If moderation returns 503 but lead-stats works

Both /analytics/engine/lead-stats and /analytics/moderation/* use the same Analytics Engine and the same Worker env. If lead-stats returns data, the Engine is configured. A 503 on a moderation endpoint usually means the Analytics Engine SQL API rejected that specific query. The response body is JSON with an error field containing the API message (e.g. syntax or unsupported function). Check the network tab for the full error. Moderation queries use safe division (no divide-by-zero) for percentages and weighted averages; if you still see 503, the body will indicate the actual cause.


What to do next: blocking visitors

Moderation surfaces who to consider blocking (block candidates, visitor abuse, suspicious traffic). Actual blocking in PulseGate today works like this:

What exists todayHow it works
Block candidates / Visitor abuseLists visitor_id (and source, scores). Tells you who is risky.
BlockingBy IP only. BlockedIPs table; at lead submit we reject if the request IP is in that list. Dashboard: IP & access → Blocked IPs (add/remove). API: POST /analytics/blocked-ips with { ip, reason? }, DELETE /analytics/blocked-ips/:ip.

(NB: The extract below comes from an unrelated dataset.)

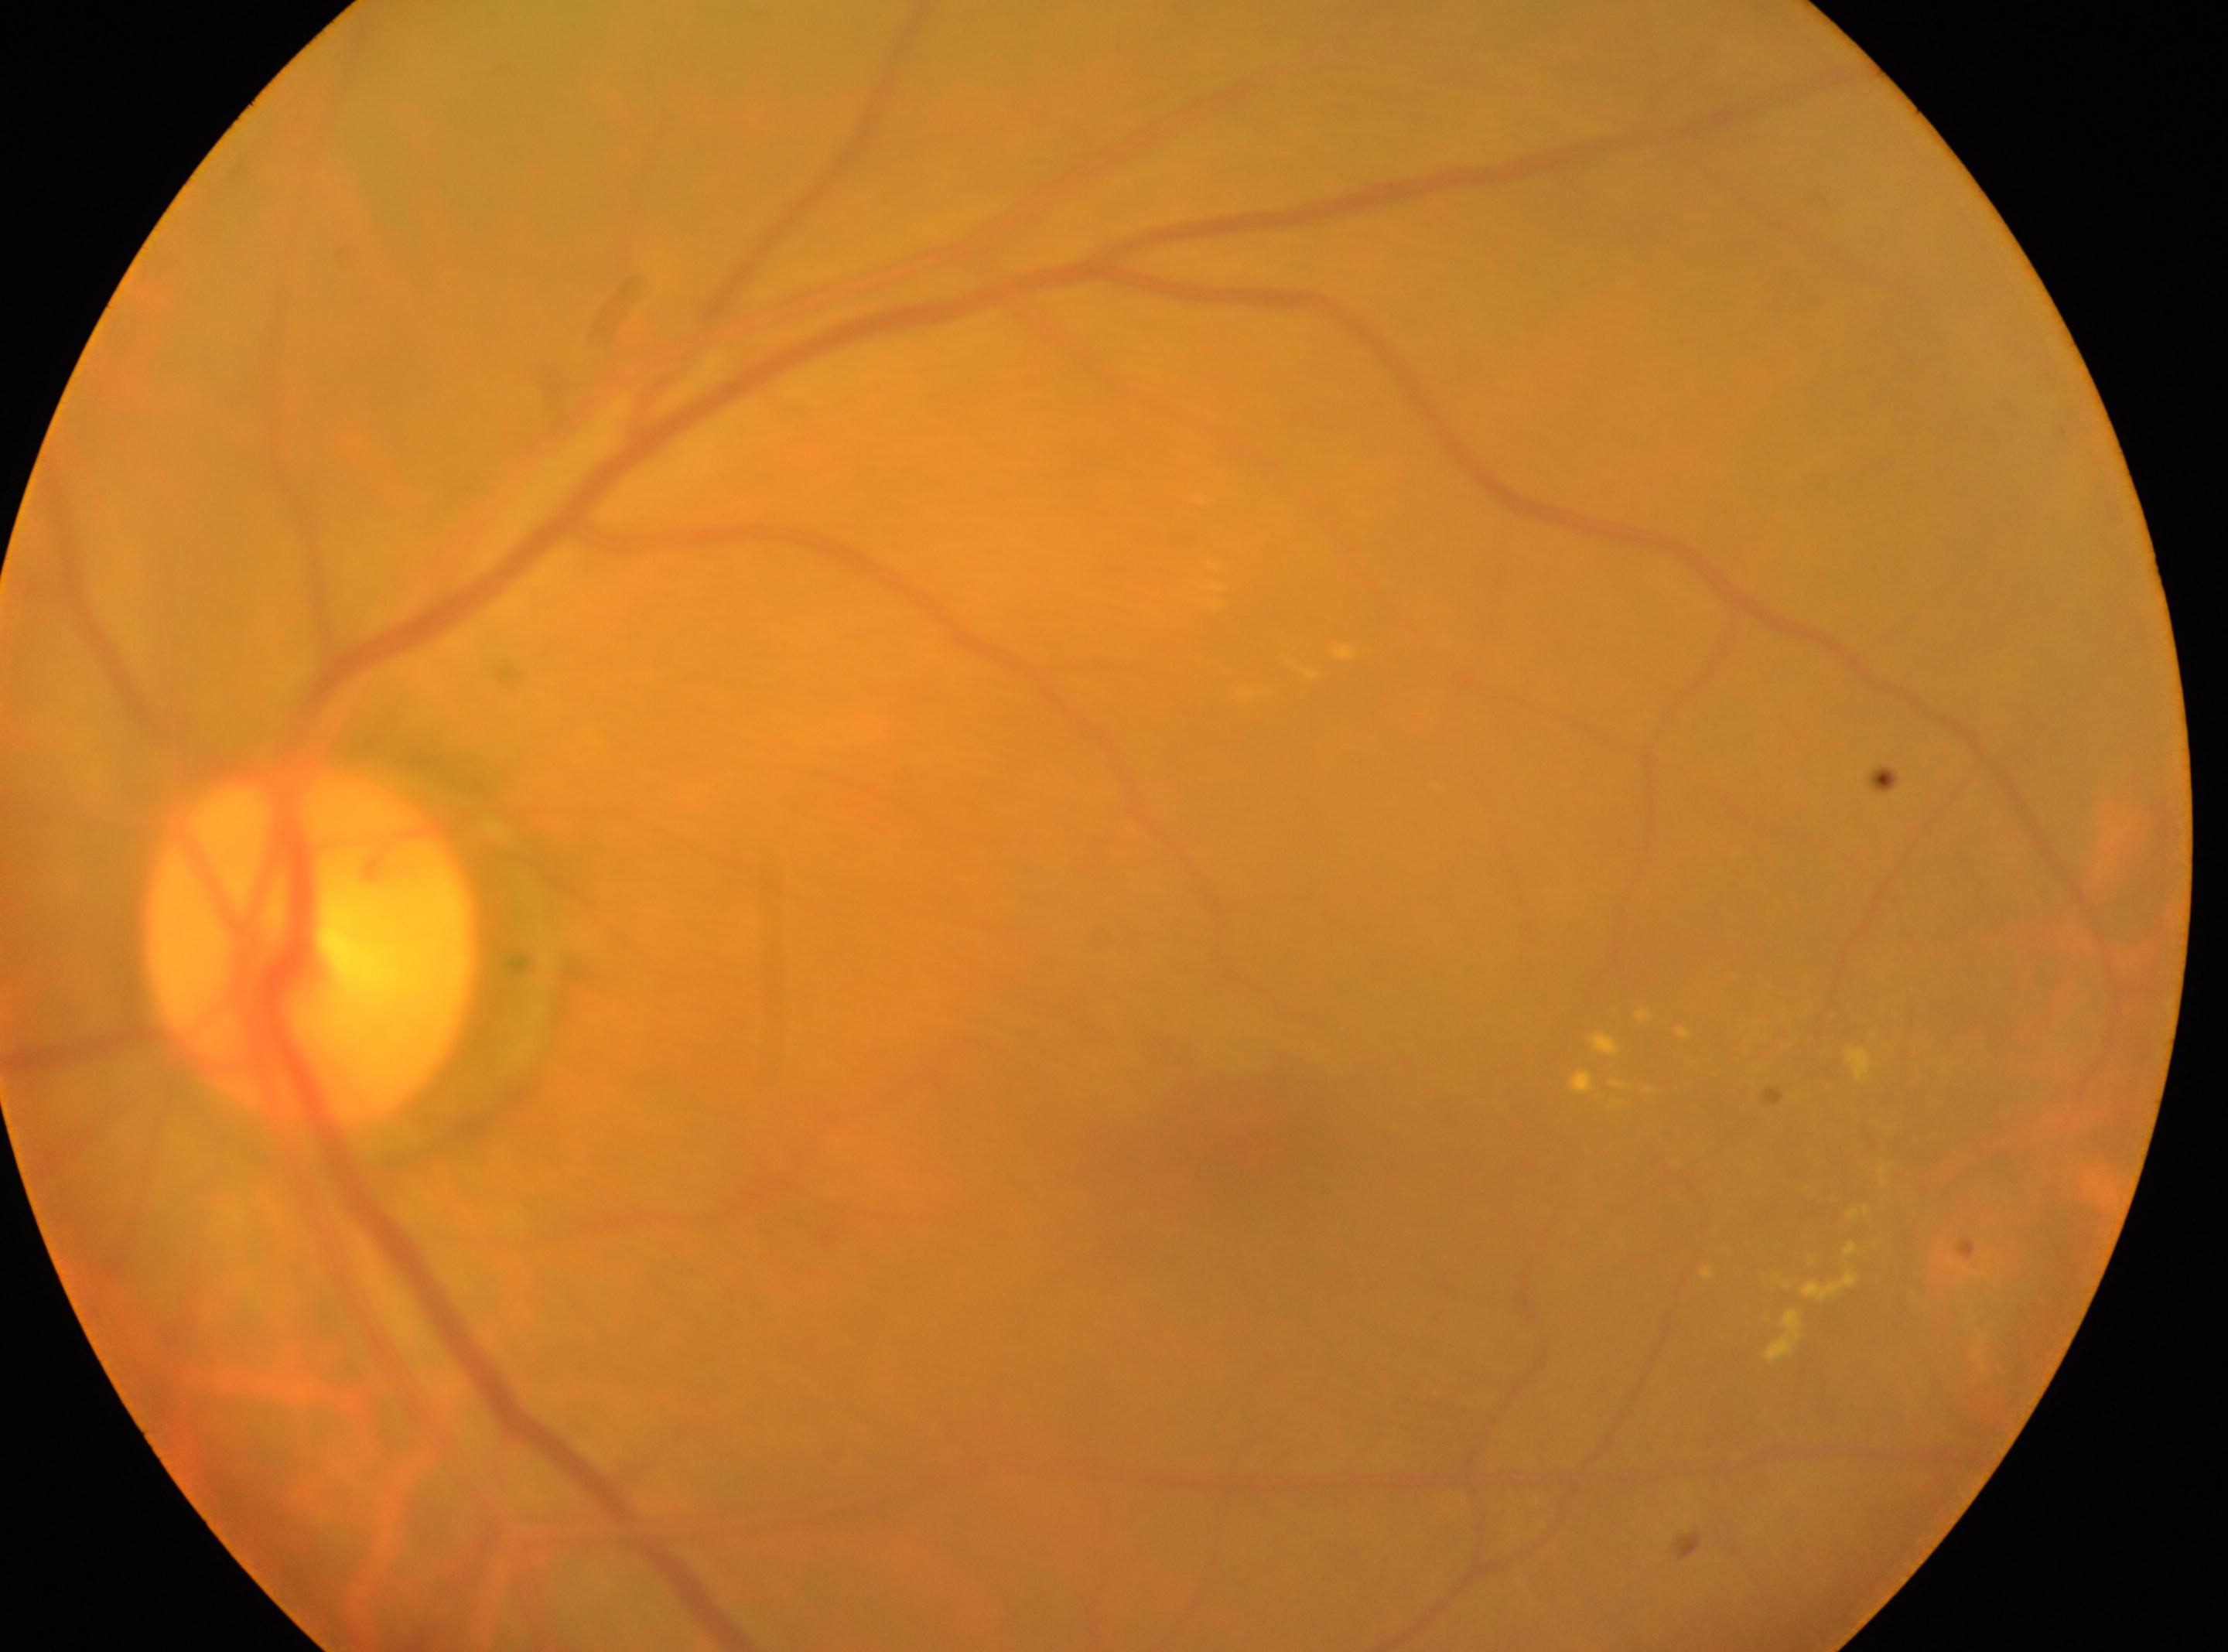 Fovea centralis located at 1253px, 1151px. DR severity is moderate non-proliferative diabetic retinopathy (grade 2). Imaged eye: left eye. The optic disc is at 308px, 947px.

So: block candidates give you visitor_id; blocking is by IP. There is no automatic link from a visitor_id to an IP in the Moderation UI.

Steps to block someone today

  1. Decide who to block
    Use Moderation → Block candidates (or Visitor abuse / Suspicious traffic) and note the visitor_id (and source if helpful).

  2. Resolve visitor_id → IP

    • Option A: In the dashboard, open Leads (or Lead Submissions), search or filter by that visitor_id if your leads list supports it, and read the Contact IP from the lead/submission.
    • Option B (future): Add an API that returns “last known IP(s) for this visitor_id” from D1 (e.g. from LeadSubmissions / Leads by VisitorId), then the Moderation UI could show an IP or a “Block this IP” action.
  3. Block the IP

    • Dashboard: Go to IP & access → Blocked IPs, add the IP and optionally a reason.
    • API: POST /analytics/blocked-ips with body { "ip": "<address>", "reason": "Block candidate from moderation" }.
  4. Result
    Future lead submissions from that IP are rejected (no D1 insert, no Make.com); they are logged and can be written to Analytics Engine as event_type: blocked for reporting.

Optional product work (to make blocking easier)

ImprovementWhat it would do
Look up IP for visitor_idNew API (e.g. from D1) that returns last/full list of IPs seen for a given visitor_id. Moderation UI could show “Last IP” and a Block this IP button that calls existing POST /analytics/blocked-ips.
Block by visitor_idNew store (e.g. BlockedVisitors by visitor_id). At lead submit, reject if visitor_id is in that list (in addition to IP check). Moderation UI could have Block visitor that adds the visitor_id so future submits from that fingerprint are rejected even if IP changes.

So: no code change is required to decide who to block (you already have block candidates and traffic quality). To actually block them today you resolve visitor_id → IP (via Leads/dashboard or future API) and add the IP to Blocked IPs. The table above is what you’d do next in code if you want one-click blocking from the Moderation page.


How to use this as a marketing user

  1. Weekly: Open the moderation dashboard and check Traffic quality (bot rate, duplicate rate, real lead rate). If bot rate jumps, drill into High bot by source and High bot by campaign.
  2. When considering blocking a source or campaign: Use Campaign quality and Country risk to see if the problem is concentrated in certain UTMs or countries. Then use Suspicious referers to see which pages send that traffic.
  3. When considering blocking a visitor or IP: Use Block candidates for the strict rule (suspicion + form_submit_24h + VPN). Use Visitor abuse with lower thresholds to see a broader list. Use Repeat submissions by visitor to find multi-submitters.
  4. Aggregations: Use By source, By UTM campaign, By referer, By country to compare quality across dimensions and decide where to pause or block.

All queries respect retention (3 months) and optional filters: days, project, source. Minimum submission thresholds (e.g. min_submissions=5) avoid noise from very low-volume segments.